Where can I go to get an understanding on this stuff or who is willing to provide me with the information?
index = main
or
index = main Source_IP = * | stats count by Source_IP
or
index = main Source_IP = * OR Attempted_Site_Visit = * | stats count by Source_IP Attempted_Site_Visit
or
index = main Source_IP = * | stats count by Source_IP Attempted_Site_Visit Result Stuff
or
index = main | stats count by Stuff
or
index = main | stats count by Attempted_Site Visit Source_IP
or
All of these things are called fields. If your logs are not extracted as fields automatically, then focus on that first. We can help with field extraction.
Great idea Iguinn.
Run a search that shows the router logs. If you don't know the source, then use this search:
index=main | dedup source| table source
This will show you all of the sources. Find the router source and then run this search:
index=main source=routersouce
This will give you the routersource data. From there you can use the Field Extractor.
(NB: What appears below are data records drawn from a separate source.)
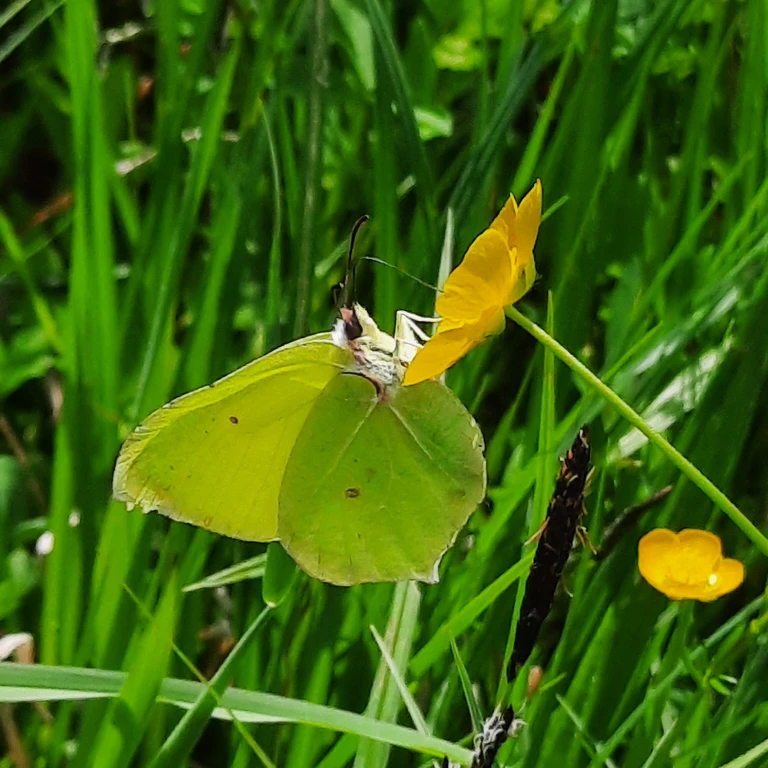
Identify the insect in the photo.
Gonepteryx rhamni
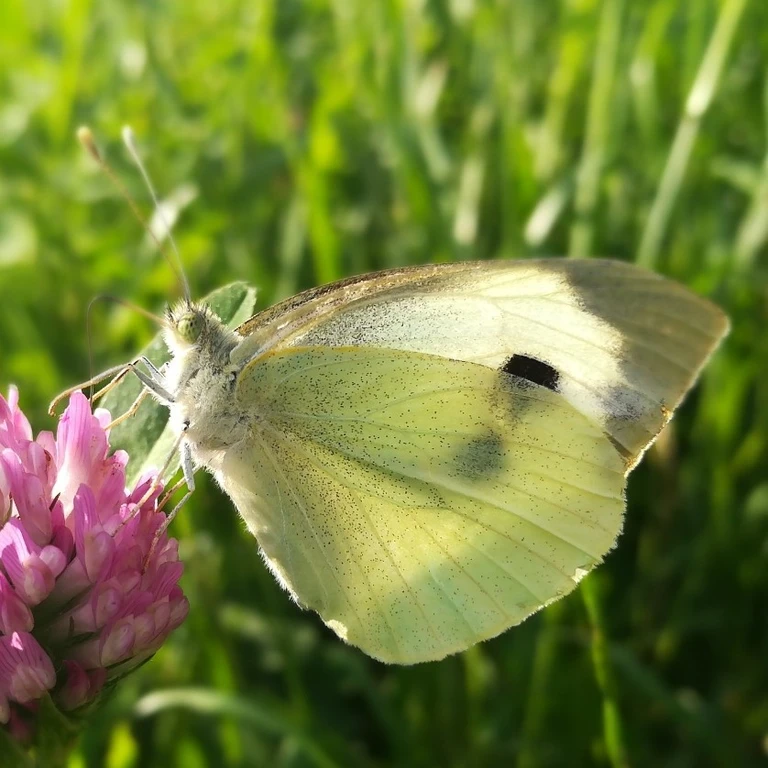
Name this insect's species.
Pieris brassicae
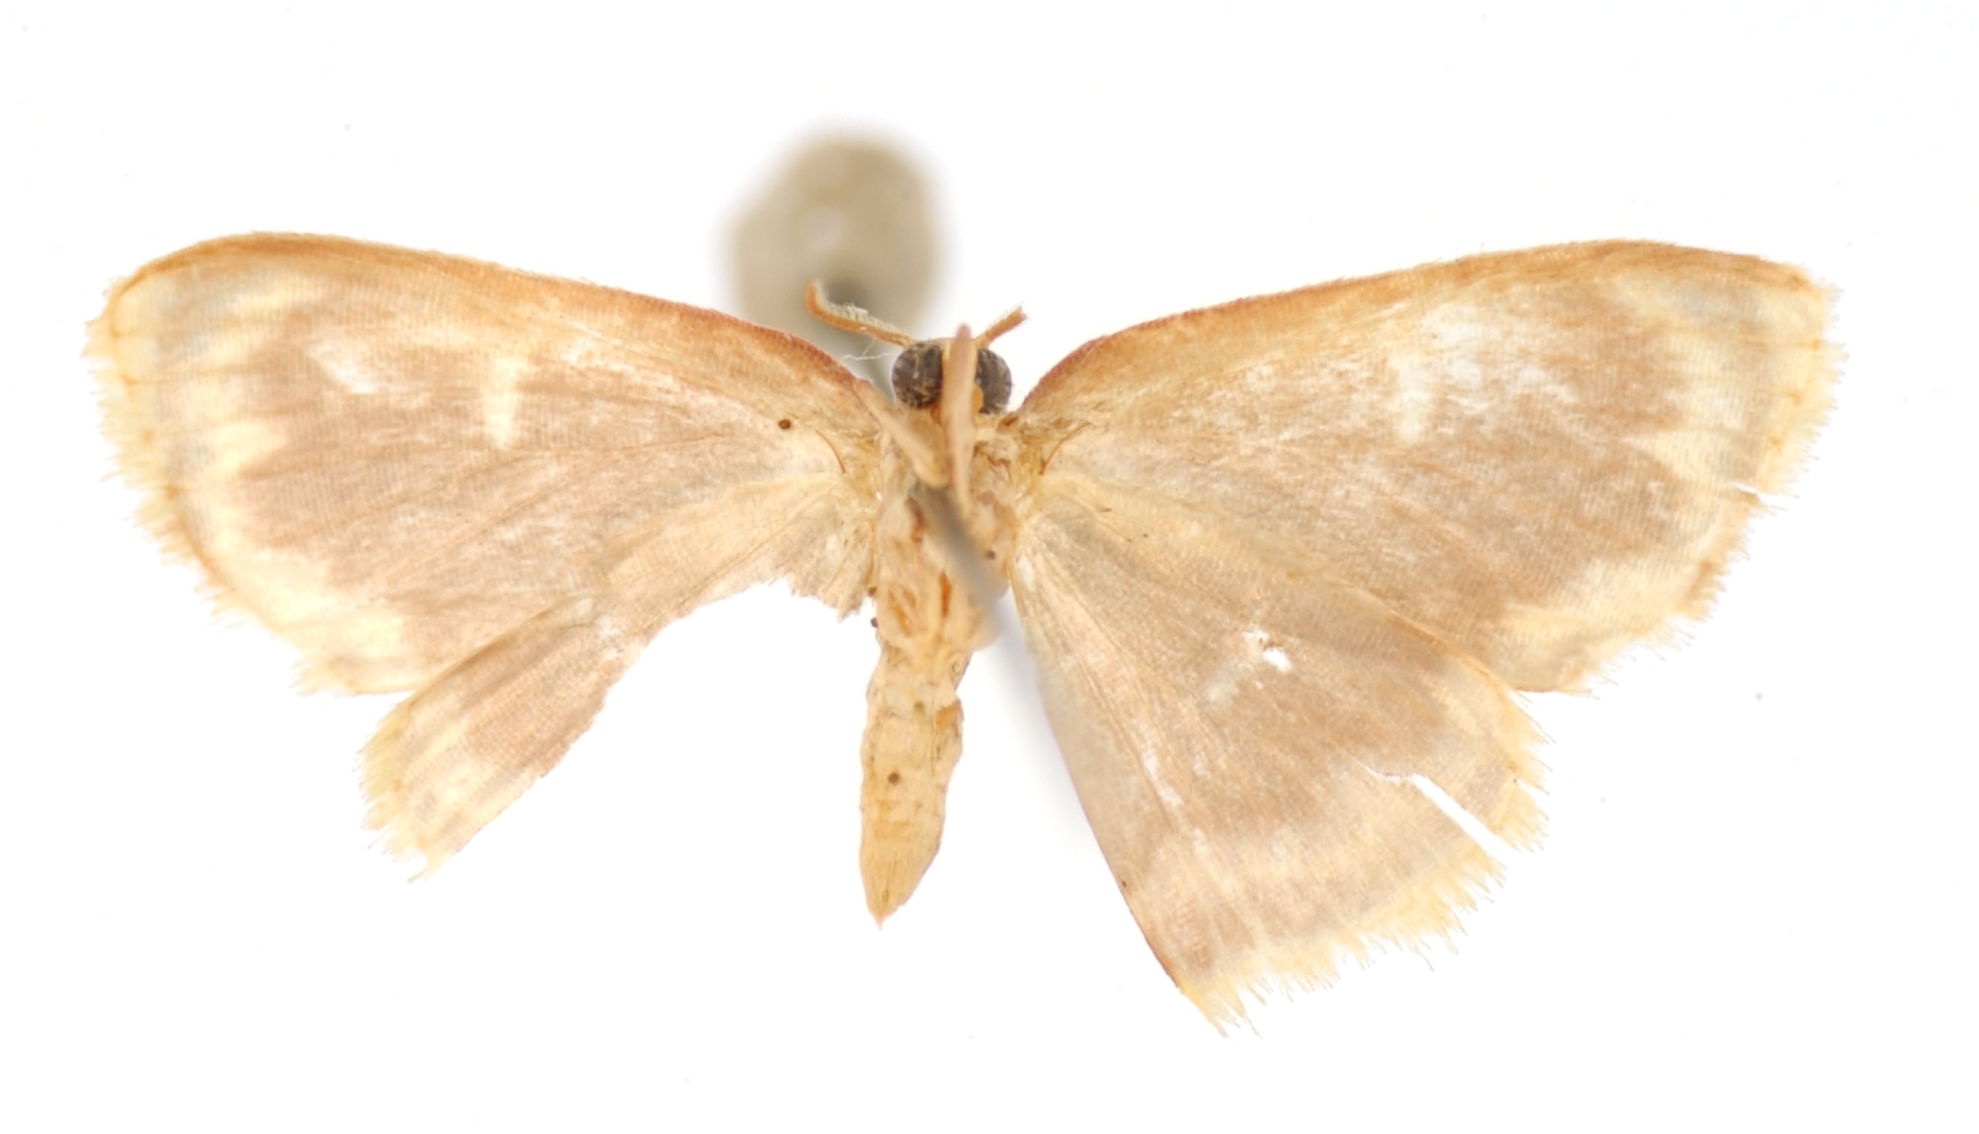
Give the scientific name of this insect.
Tricentra flavicurvata

use the Interactive Field Extractor!
http://www.splunk.com/view/SP-CAAADUY for a video... or just Google
Splunk Interactive Field Extractor
Well, I've got two routers reporting that have very different structures. I am interested in src, dst, port, protocol, drop or allow, and timestamp
Mar 11 22:44:56 10.50.25.1 Mar 11 21:44:56 rv180w KERNEL [Kernel] [638811.520000] LOG_PACKET[DROP]IN=eth1 OUT= DST MAC=78:da:6e:e6:3b:7d SRC MAC=78:cd:8e:4b:1f:a2 PAYLOAD TYPE=08:00 SRC=97.92.215.221 DST=24.182.130.162 LEN=40 TOS=0x00 PREC=0x00 TTL=118 ID=639 DF PROTO=TCP SPT=49489 DPT=8000 WINDOW=0 RES=0x00 ACK URGP=0
Mar 11 19:24:03 24.182.134.18 Mar 11 18:27:09 10.50.22.1 [Access Log ] Deny TCP Packet - 10.50.22.3:46440 --> 10.50.25.4:25
Yes, but it is often much better to configure Splunk to automatically extract them, so you just call the field names in the search.
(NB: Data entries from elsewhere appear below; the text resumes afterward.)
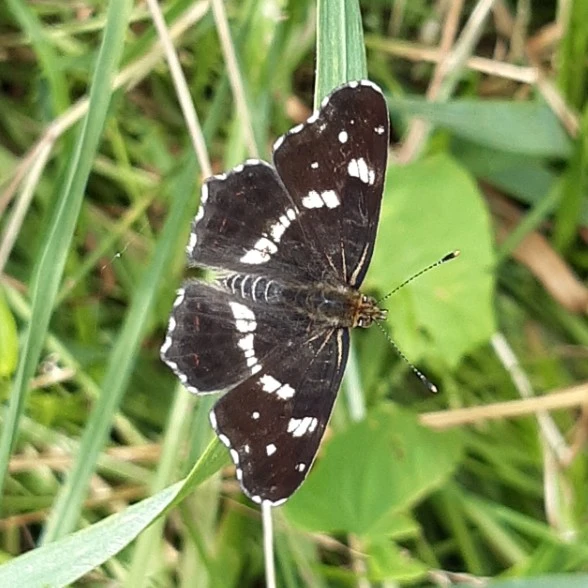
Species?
Araschnia levana
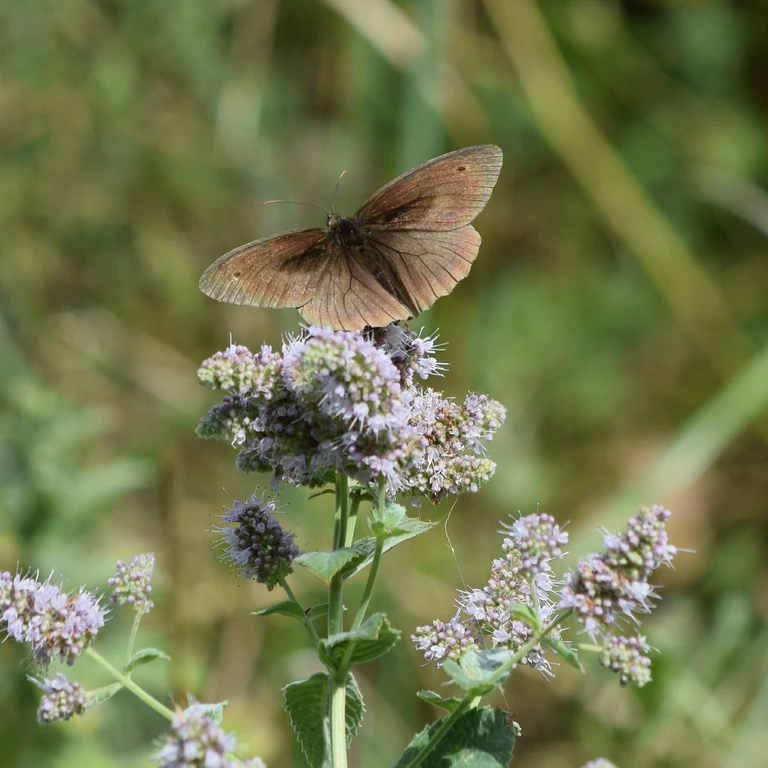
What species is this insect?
Maniola jurtina
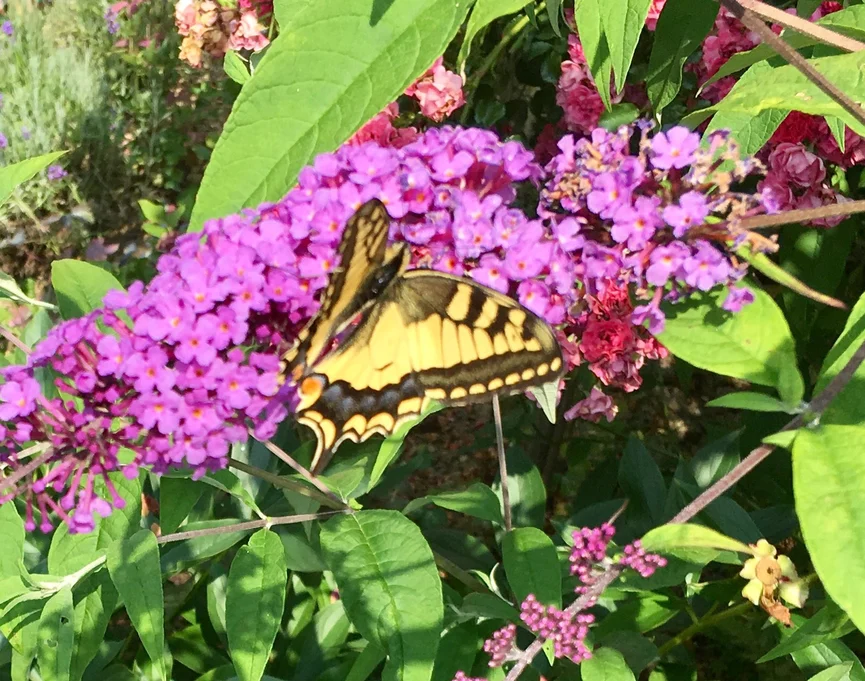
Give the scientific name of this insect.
Papilio machaon
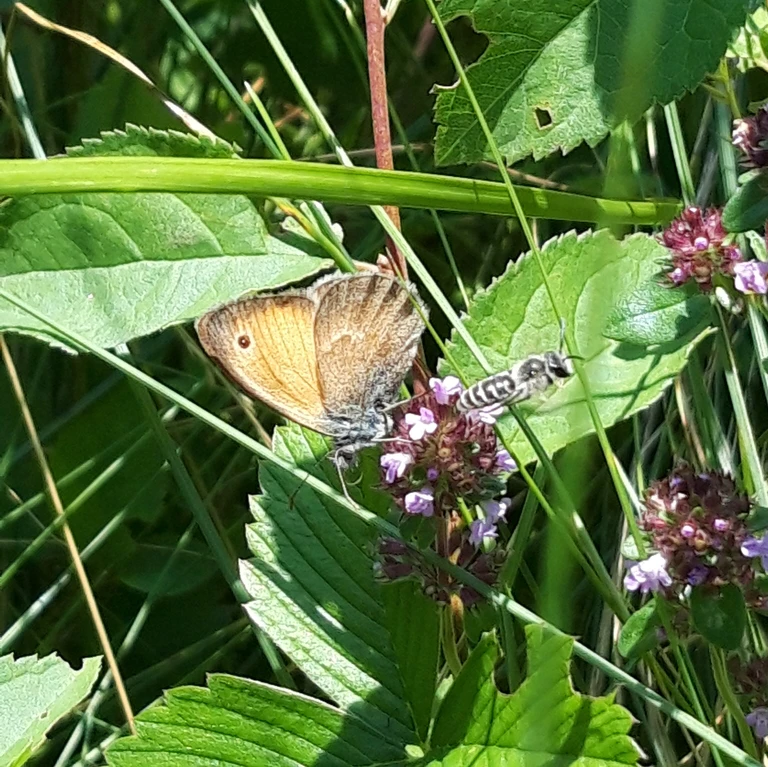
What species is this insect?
Coenonympha pamphilus
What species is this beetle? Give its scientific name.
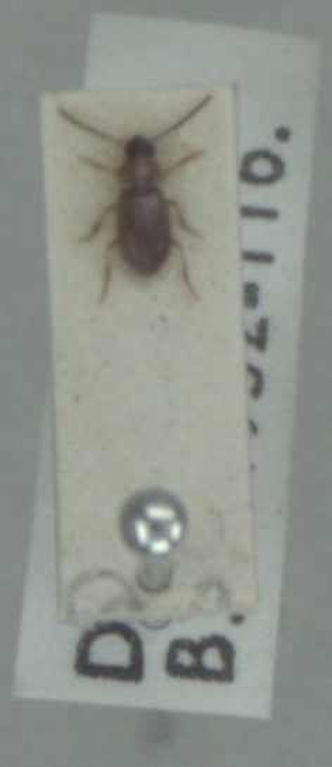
Acupalpus dubius
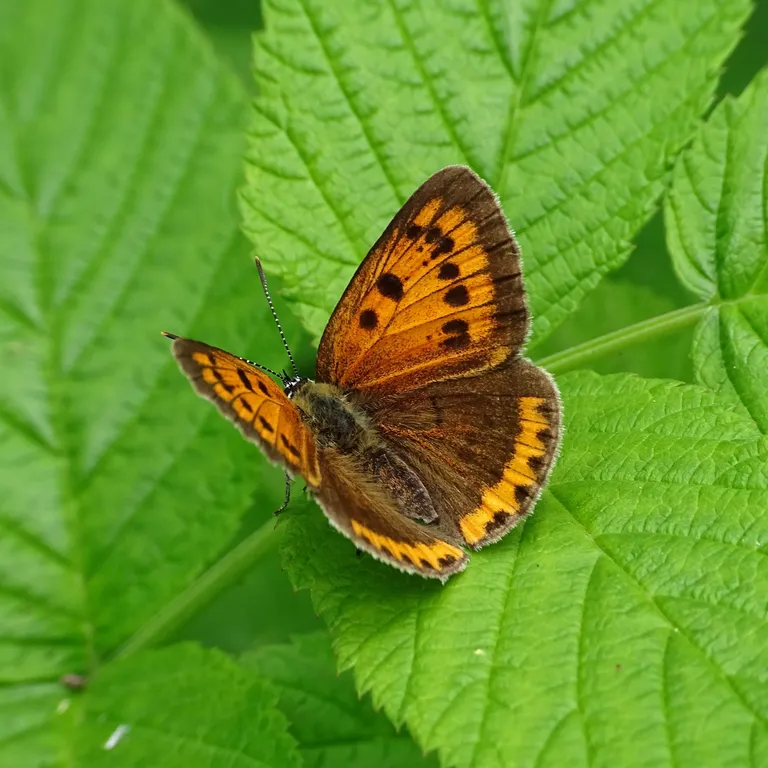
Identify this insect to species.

Can you post some event data? That way we can give you specifics.
index=main |table _raw
Just a few events of the type that contain the data you want to analyze.
Awesome, yes my fields are way off or completely irrelevant. How can I modify/create my own fields, using Regex?
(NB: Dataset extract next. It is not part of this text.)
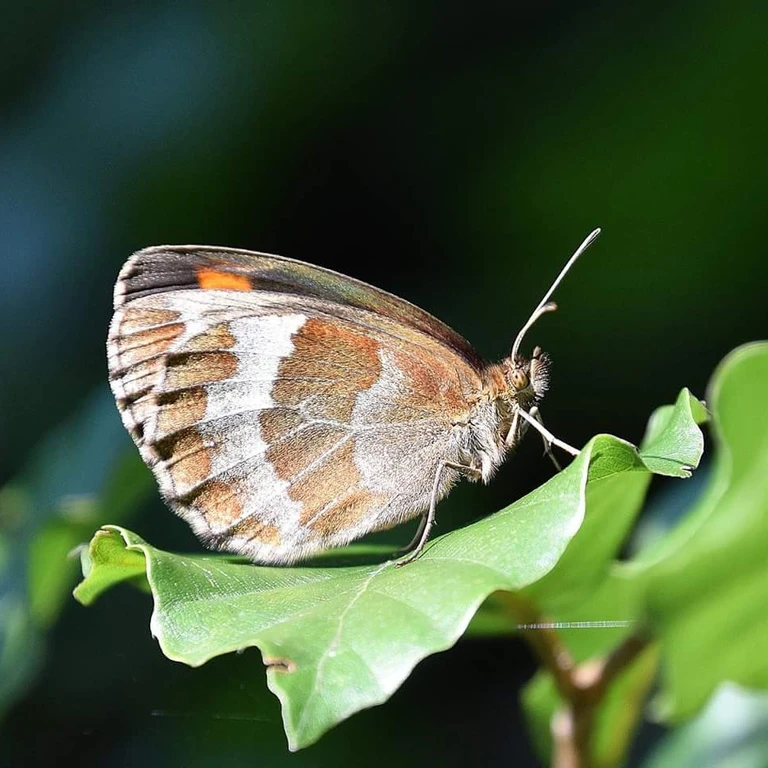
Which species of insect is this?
Erebia aethiops
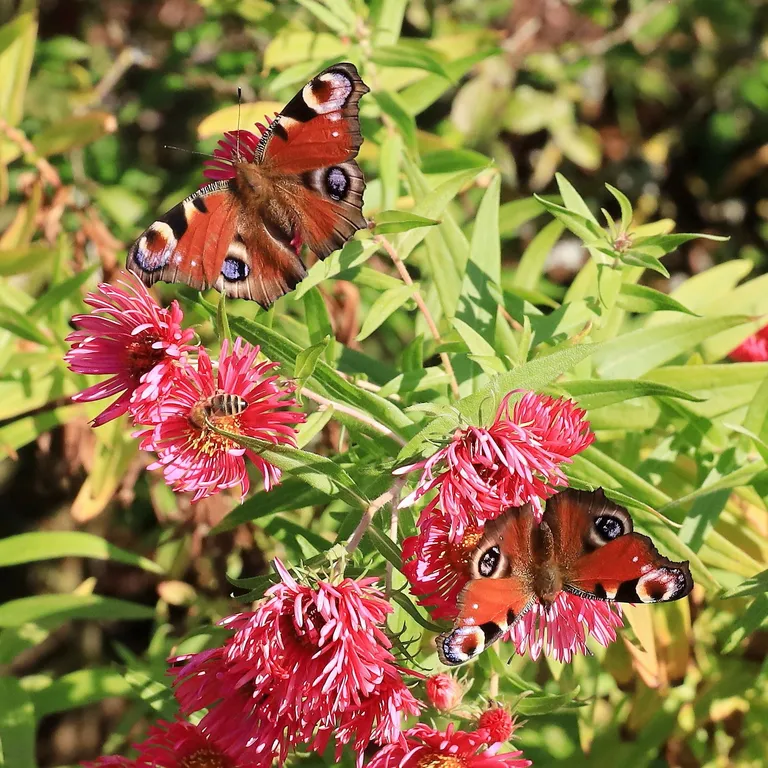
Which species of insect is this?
Aglais io
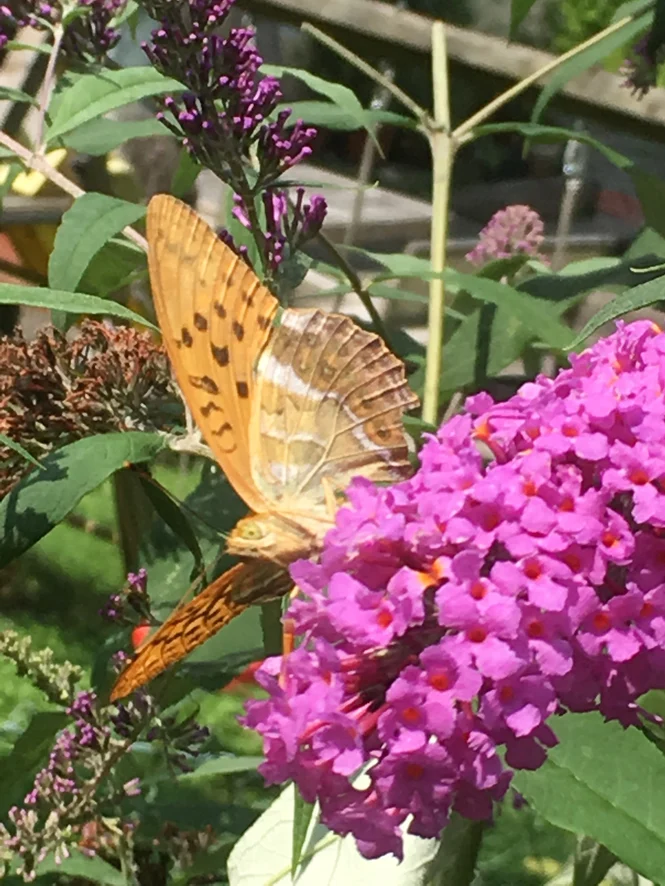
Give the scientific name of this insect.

Have you gone through the Search Tutorial? It contains a sample data set that has some similarities to yours, and includes search and reporting examples. The Exploring Splunk book also contains numerous search recipes and examples.
I also recommend the Exploring Splunk book. It is free in several electronic formats, or you can pay money for a hard copy.
I HAVE gone through that but found it really difficult to follow any of what was being talked about...though it was also like 1-2am so there's a good chance I was suffering some learning impairment, lol. I will go back through it again to see if I can pick up what I am looking for.
From what I remember though, it makes the assumption that you know how to use wildcards and Boolean arguments which I have a very limited knowledge of let alone being able to combine multiple ones in a single search.